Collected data
■ ■ ■

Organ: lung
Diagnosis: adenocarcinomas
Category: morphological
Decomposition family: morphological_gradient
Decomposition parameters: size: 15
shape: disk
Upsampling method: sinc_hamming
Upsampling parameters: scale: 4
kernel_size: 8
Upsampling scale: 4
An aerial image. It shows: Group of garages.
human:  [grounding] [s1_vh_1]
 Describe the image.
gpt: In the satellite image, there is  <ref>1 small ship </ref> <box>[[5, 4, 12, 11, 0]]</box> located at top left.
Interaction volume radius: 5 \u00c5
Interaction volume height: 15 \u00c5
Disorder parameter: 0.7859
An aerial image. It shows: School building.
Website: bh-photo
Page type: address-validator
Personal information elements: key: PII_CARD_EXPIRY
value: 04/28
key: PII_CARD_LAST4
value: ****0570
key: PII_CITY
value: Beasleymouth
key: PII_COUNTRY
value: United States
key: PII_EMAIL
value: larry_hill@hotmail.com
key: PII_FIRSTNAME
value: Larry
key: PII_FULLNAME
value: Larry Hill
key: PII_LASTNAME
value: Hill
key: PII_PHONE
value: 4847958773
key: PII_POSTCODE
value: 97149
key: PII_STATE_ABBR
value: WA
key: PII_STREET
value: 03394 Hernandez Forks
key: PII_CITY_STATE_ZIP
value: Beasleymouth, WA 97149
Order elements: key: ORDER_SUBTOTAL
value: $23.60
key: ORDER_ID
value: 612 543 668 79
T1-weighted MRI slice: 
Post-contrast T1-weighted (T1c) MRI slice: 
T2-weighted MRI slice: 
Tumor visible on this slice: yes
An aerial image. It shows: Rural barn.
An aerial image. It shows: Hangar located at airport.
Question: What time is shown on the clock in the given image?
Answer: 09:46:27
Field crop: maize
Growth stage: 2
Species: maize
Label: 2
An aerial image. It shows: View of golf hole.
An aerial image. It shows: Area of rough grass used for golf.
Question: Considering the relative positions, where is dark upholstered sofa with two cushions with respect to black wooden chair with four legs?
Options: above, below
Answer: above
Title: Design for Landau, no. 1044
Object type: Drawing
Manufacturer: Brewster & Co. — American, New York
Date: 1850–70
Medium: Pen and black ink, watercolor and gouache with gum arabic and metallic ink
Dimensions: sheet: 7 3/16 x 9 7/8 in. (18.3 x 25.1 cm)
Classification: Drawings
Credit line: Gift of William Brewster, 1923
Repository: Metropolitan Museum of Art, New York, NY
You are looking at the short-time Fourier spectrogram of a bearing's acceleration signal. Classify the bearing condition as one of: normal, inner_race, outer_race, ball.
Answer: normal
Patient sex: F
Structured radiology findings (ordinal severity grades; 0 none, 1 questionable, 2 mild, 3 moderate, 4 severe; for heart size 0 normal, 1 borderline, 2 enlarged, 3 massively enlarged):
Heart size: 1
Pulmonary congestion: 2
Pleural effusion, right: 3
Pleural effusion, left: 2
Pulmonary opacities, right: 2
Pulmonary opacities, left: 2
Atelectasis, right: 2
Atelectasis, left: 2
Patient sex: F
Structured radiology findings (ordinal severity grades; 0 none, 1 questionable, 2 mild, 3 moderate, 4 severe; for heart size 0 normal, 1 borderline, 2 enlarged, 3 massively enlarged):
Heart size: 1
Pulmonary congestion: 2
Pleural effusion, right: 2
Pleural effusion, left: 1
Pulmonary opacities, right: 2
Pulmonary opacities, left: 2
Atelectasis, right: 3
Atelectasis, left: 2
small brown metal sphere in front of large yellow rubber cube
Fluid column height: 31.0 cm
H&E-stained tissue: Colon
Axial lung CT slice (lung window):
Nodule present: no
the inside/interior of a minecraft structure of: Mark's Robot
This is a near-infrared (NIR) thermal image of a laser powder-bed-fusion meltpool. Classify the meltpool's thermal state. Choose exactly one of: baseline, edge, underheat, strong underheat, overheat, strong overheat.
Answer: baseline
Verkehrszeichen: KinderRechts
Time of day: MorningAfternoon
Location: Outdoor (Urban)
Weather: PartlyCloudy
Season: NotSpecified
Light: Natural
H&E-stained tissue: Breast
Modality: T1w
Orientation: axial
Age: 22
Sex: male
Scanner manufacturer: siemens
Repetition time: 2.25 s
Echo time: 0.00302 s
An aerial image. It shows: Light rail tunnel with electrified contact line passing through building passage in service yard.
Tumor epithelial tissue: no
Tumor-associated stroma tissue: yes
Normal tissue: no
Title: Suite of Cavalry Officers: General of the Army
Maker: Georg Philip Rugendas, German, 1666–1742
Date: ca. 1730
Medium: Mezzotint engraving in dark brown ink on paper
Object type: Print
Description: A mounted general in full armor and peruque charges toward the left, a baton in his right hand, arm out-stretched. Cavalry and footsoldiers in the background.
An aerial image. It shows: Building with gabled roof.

■ ■ ■

Task description
Please go through the entries and show every line with the word "right".

Result for this exercise
Pleural effusion, right: 3
Pulmonary opacities, right: 2
Atelectasis, right: 2
Pleural effusion, right: 2
Pulmonary opacities, right: 2
Atelectasis, right: 3
Description: A mounted general in full armor and peruque charges toward the left, a baton in his right hand, arm out-stretched. Cavalry and footsoldiers in the background.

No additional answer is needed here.